Transcribe this listing exactly; omit the pictures.

Input data Block Start

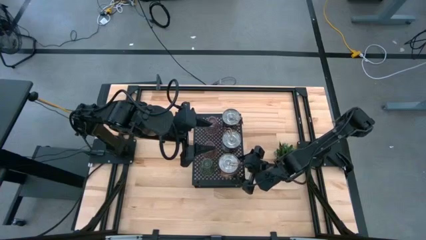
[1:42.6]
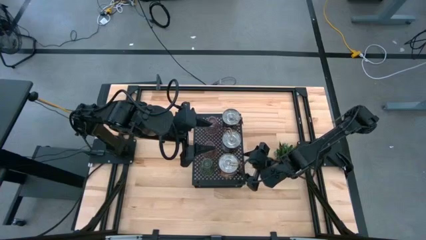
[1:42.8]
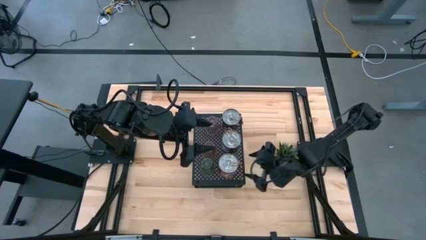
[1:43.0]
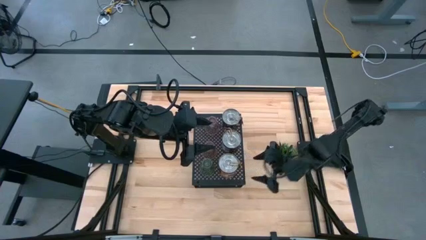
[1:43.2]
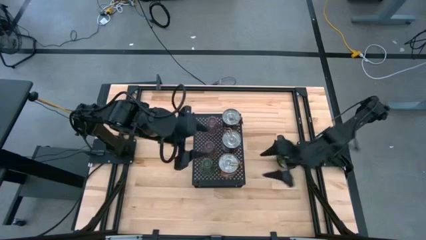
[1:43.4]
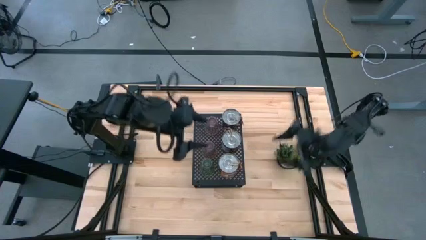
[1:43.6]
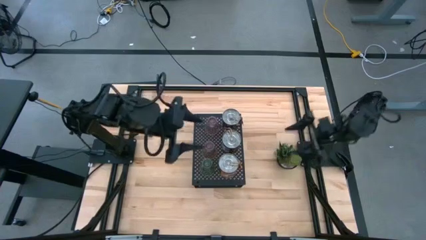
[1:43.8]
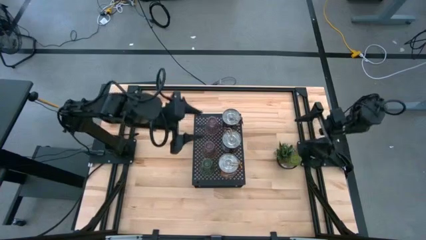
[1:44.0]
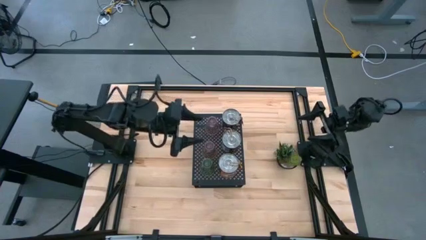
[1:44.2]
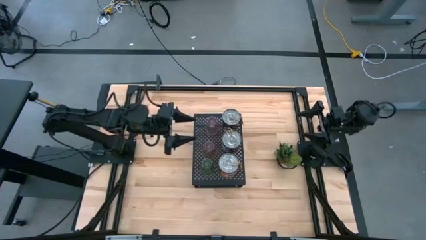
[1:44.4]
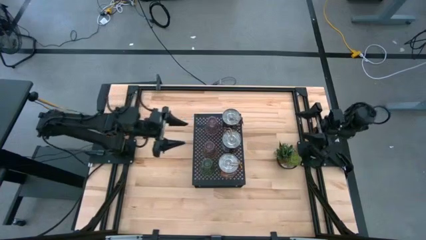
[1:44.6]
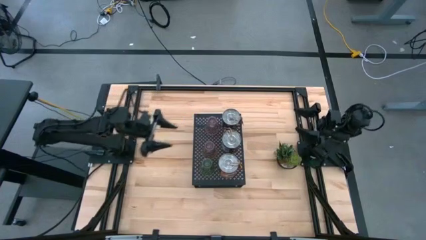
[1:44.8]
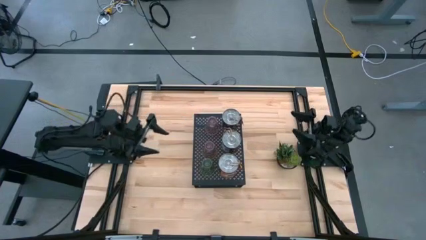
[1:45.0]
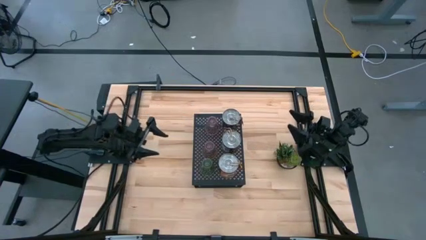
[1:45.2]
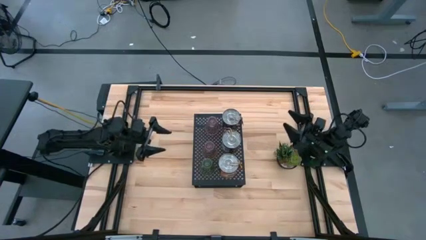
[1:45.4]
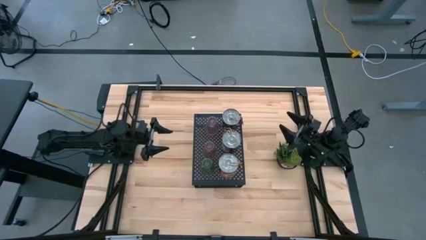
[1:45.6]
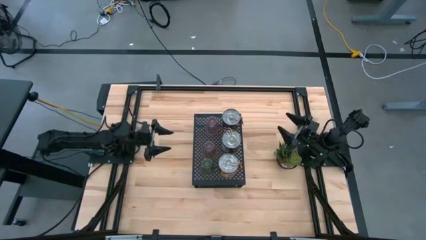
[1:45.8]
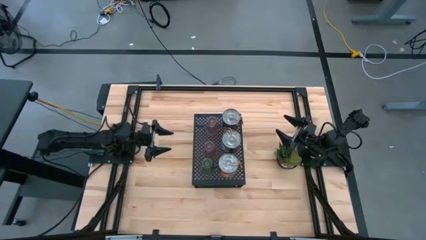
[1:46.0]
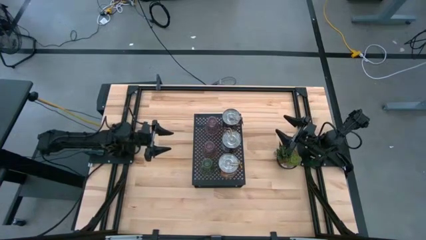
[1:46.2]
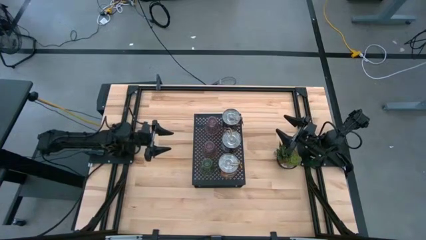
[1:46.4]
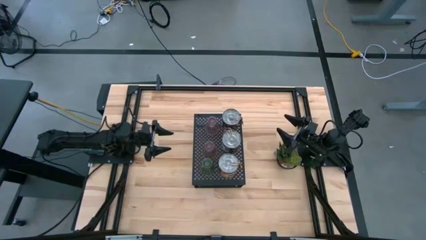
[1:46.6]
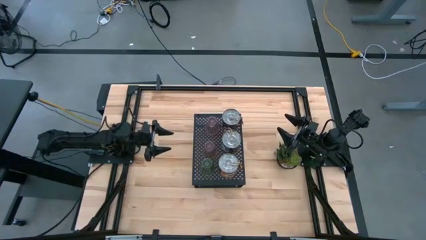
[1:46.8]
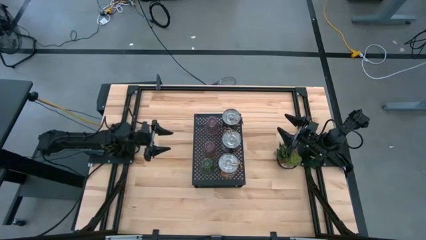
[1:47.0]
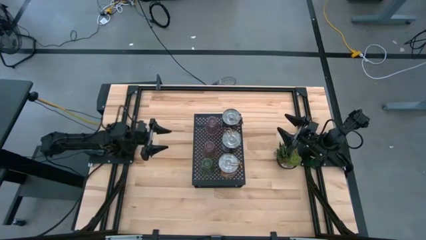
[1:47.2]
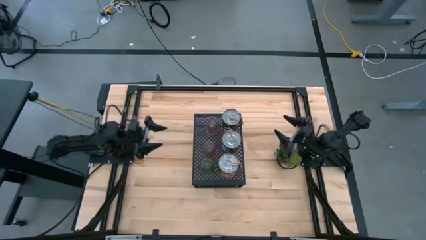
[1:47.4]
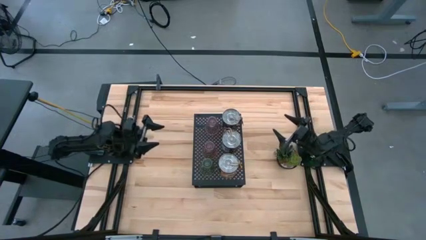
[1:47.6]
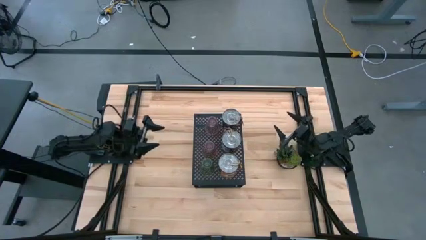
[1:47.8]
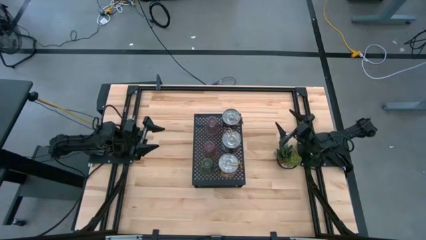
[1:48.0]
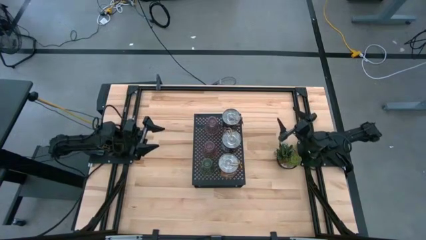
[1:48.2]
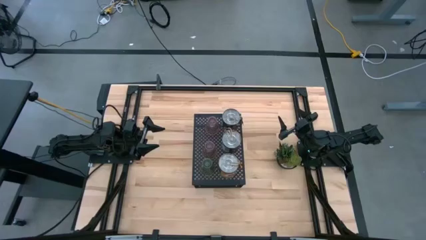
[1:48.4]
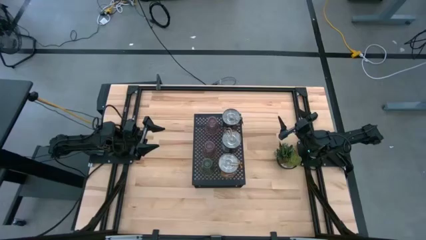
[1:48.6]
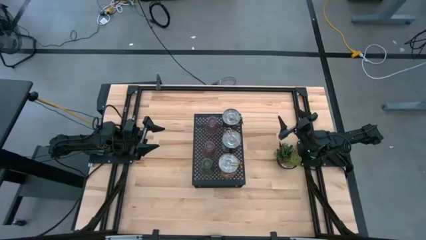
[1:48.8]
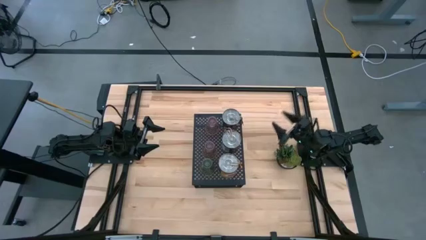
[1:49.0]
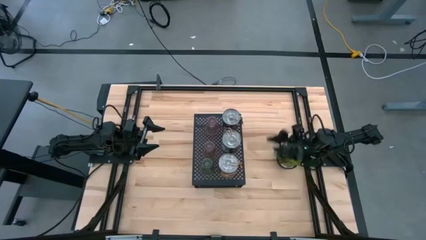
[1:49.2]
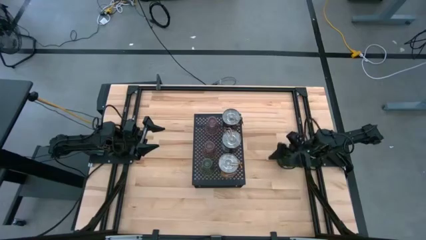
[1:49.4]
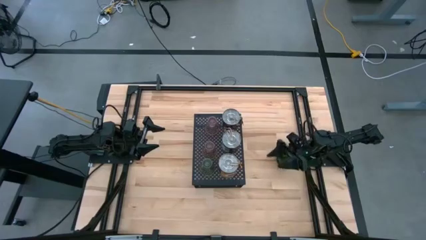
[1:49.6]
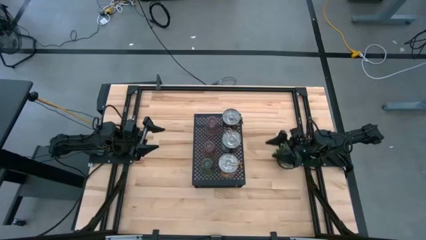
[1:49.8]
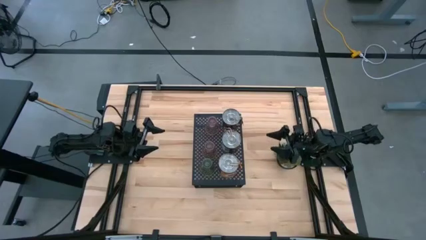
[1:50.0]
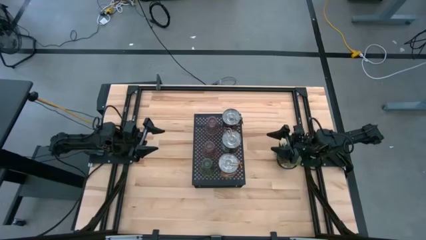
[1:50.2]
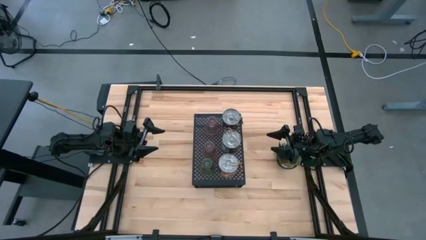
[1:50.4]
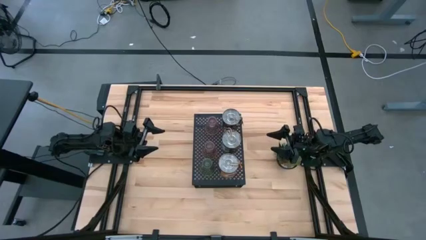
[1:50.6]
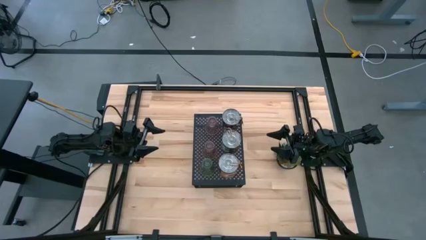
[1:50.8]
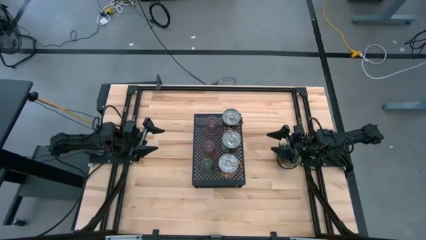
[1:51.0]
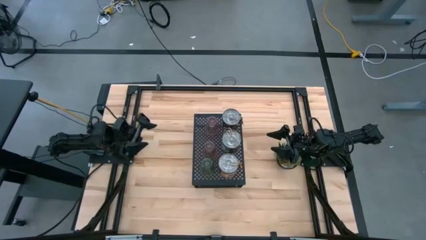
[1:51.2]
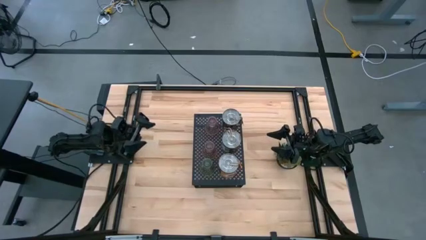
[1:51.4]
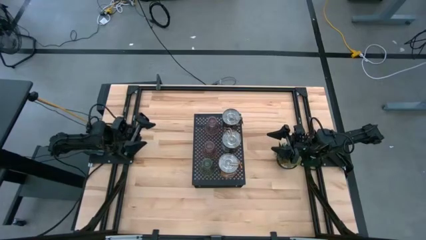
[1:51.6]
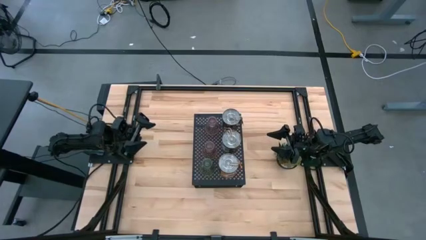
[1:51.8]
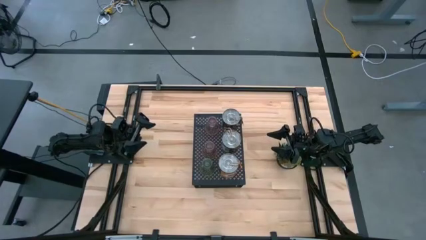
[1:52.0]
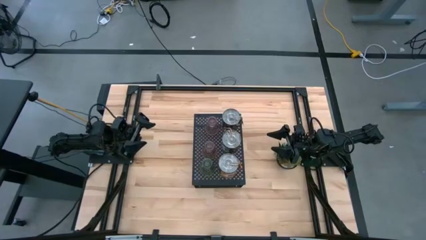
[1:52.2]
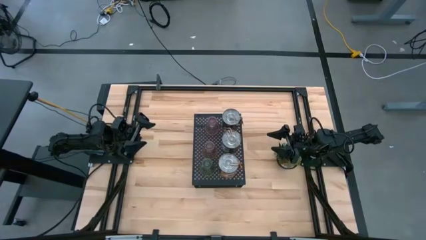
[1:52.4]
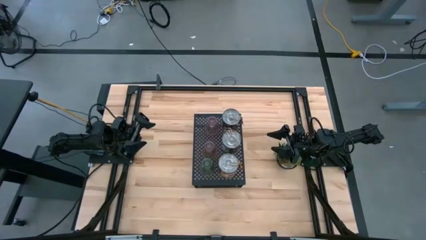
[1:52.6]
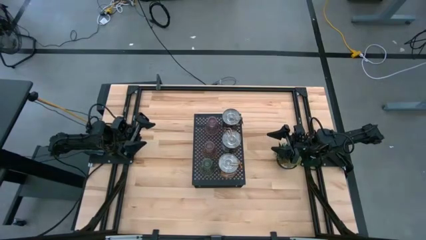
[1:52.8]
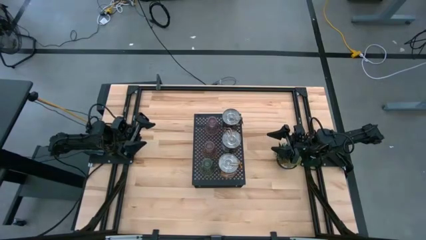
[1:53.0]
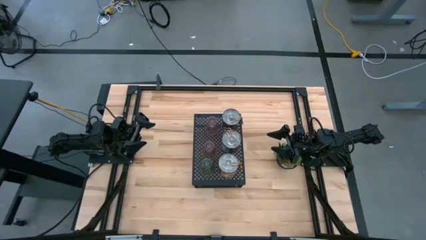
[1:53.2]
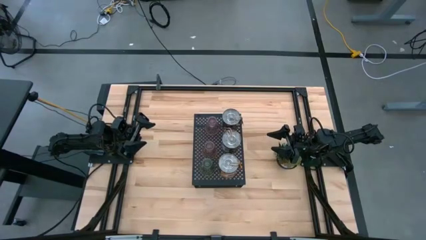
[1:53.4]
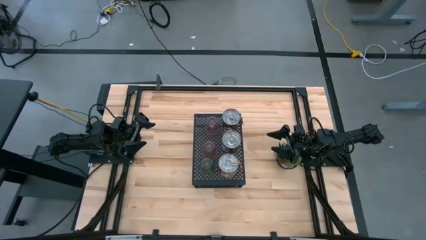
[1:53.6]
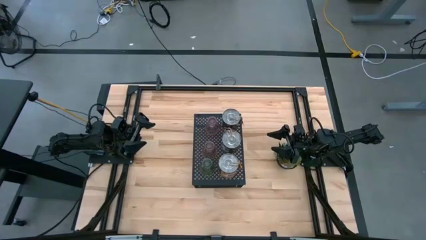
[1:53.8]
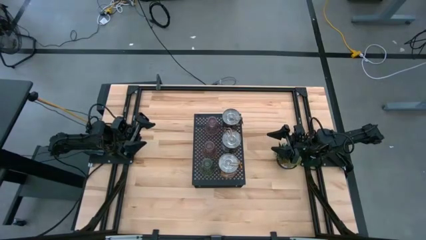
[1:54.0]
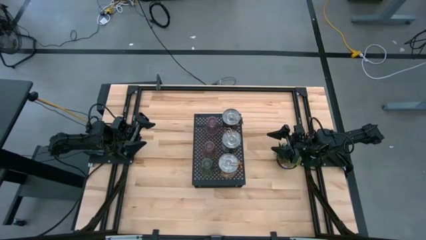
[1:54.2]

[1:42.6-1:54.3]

Input data Block End

◆ **Written answer**:
[1:42.6]
[1:42.8]
[1:43.0]
[1:43.2]
[1:43.4]
[1:43.6]
[1:43.8]
[1:44.0]
[1:44.2]
[1:44.4]
[1:44.6]
[1:44.8]
[1:45.0]
[1:45.2]
[1:45.4]
[1:45.6]
[1:45.8]
[1:46.0]
[1:46.2]
[1:46.4]
[1:46.6]
[1:46.8]
[1:47.0]
[1:47.2]
[1:47.4]
[1:47.6]
[1:47.8]
[1:48.0]
[1:48.2]
[1:48.4]
[1:48.6]
[1:48.8]
[1:49.0]
[1:49.2]
[1:49.4]
[1:49.6]
[1:49.8]
[1:50.0]
[1:50.2]
[1:50.4]
[1:50.6]
[1:50.8]
[1:51.0]
[1:51.2]
[1:51.4]
[1:51.6]
[1:51.8]
[1:52.0]
[1:52.2]
[1:52.4]
[1:52.6]
[1:52.8]
[1:53.0]
[1:53.2]
[1:53.4]
[1:53.6]
[1:53.8]
[1:54.0]
[1:54.2]

[1:42.6-1:54.3]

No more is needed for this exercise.